In 2010, President Obama challenged NASA to send humans to an asteroid by 2025 and then on to Mars in the 2030s. To meet that challenge, NASA is building the Space Launch System (SLS) to launch humans in the agency's Orion capsule farther into the solar system than ever before.

But before the first launch of the largest rocket ever built happens in 2017, American companies are working to design, test and manufacture it.

ATK of Brigham City, Utah, is building five-segment solid rocket boosters that will help propel the 70-metric-ton version of the rocket off the planet. The Boeing Company of Huntsville, Ala., is building the SLS core stage that will house cryogenic fuel at the Michoud Assembly Facility in New Orleans, where more than a hundred external tanks were built for the shuttle program. That fuel will be routed to RS-25 engines built by Pratt and Whitney Rocketdyne (PWR) of Canoga Park, Calif., which also served as the space shuttle's main engines during 135 missions.

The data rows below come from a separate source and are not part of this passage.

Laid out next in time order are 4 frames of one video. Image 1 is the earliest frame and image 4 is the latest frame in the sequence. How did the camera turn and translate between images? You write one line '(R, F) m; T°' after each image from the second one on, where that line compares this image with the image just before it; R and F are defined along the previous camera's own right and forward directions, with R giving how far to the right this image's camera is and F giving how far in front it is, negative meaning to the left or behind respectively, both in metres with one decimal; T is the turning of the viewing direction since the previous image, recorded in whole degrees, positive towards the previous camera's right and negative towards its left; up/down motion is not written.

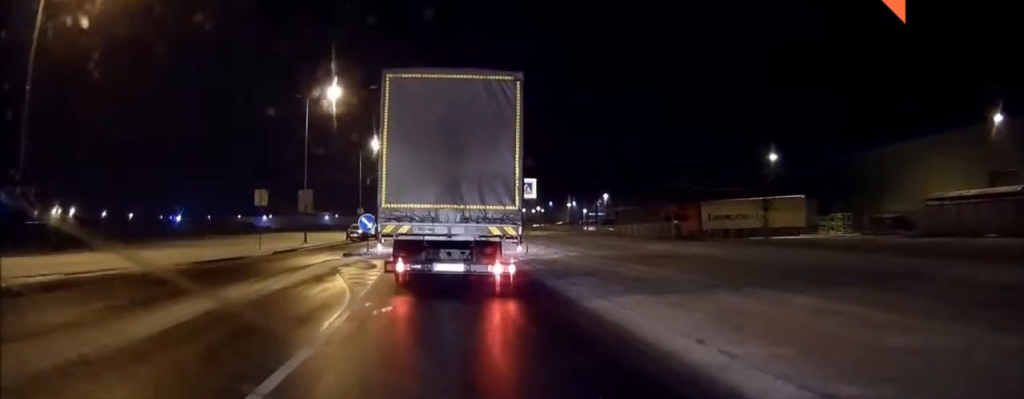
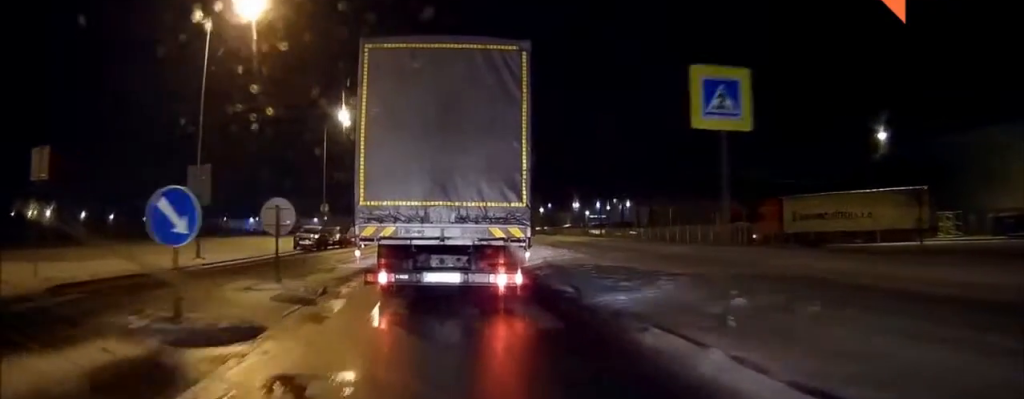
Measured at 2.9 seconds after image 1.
(+0.5, +19.2) m; +3°
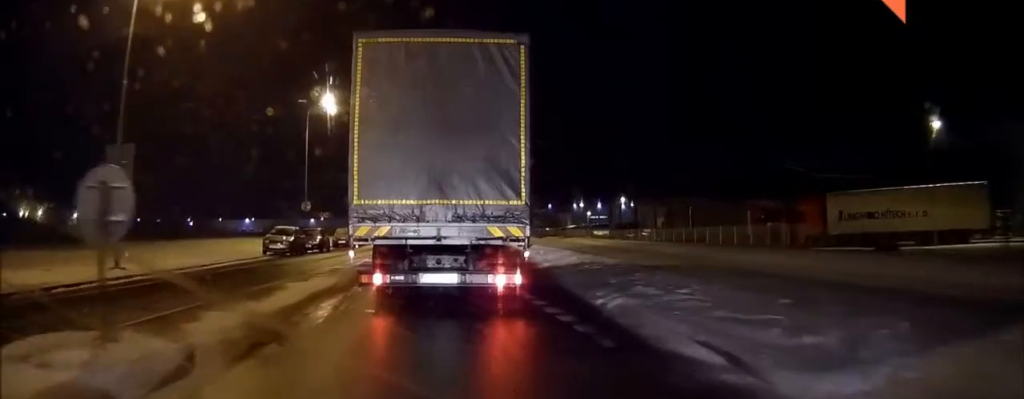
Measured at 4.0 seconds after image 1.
(0.0, +7.0) m; 0°
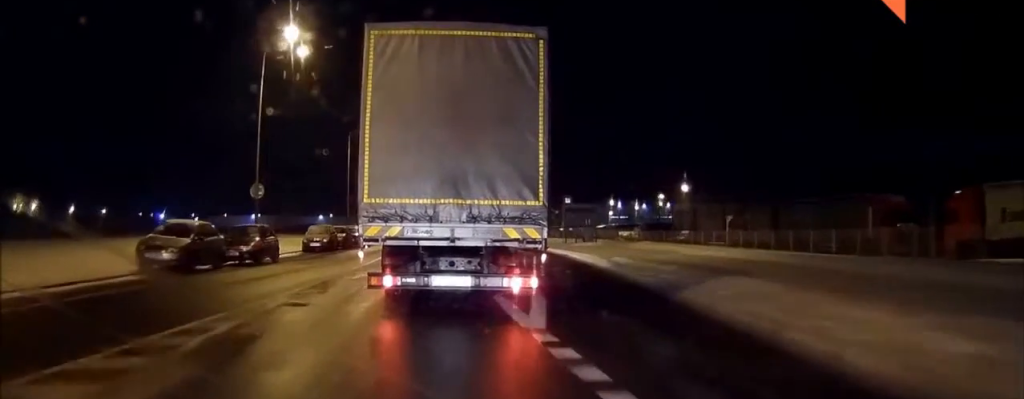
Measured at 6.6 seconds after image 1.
(-0.2, +15.8) m; -2°

PWR also is building the J-2X engine that will provide power to the SLS upper stage engine of an advanced version of the SLS rocket with a 130-metric-ton lift capability. And Aerojet of Sacramento, Calif., Dynetics Inc., of Huntsville, Ala., Northrop Grumman Corporation Aerospace Systems of Redondo Beach, Calif., and ATK are all working on advanced booster concepts and hardware that could be used on the advanced version of the rocket.

As we make progress on SLS, NASA's Marshall Space Flight Center in Huntsville, Ala., is working closely with the Orion Program at NASA’s Johnson Space Center in Houston and the Ground Systems Development and Operations Program at NASA's Kennedy Space Center in Florida.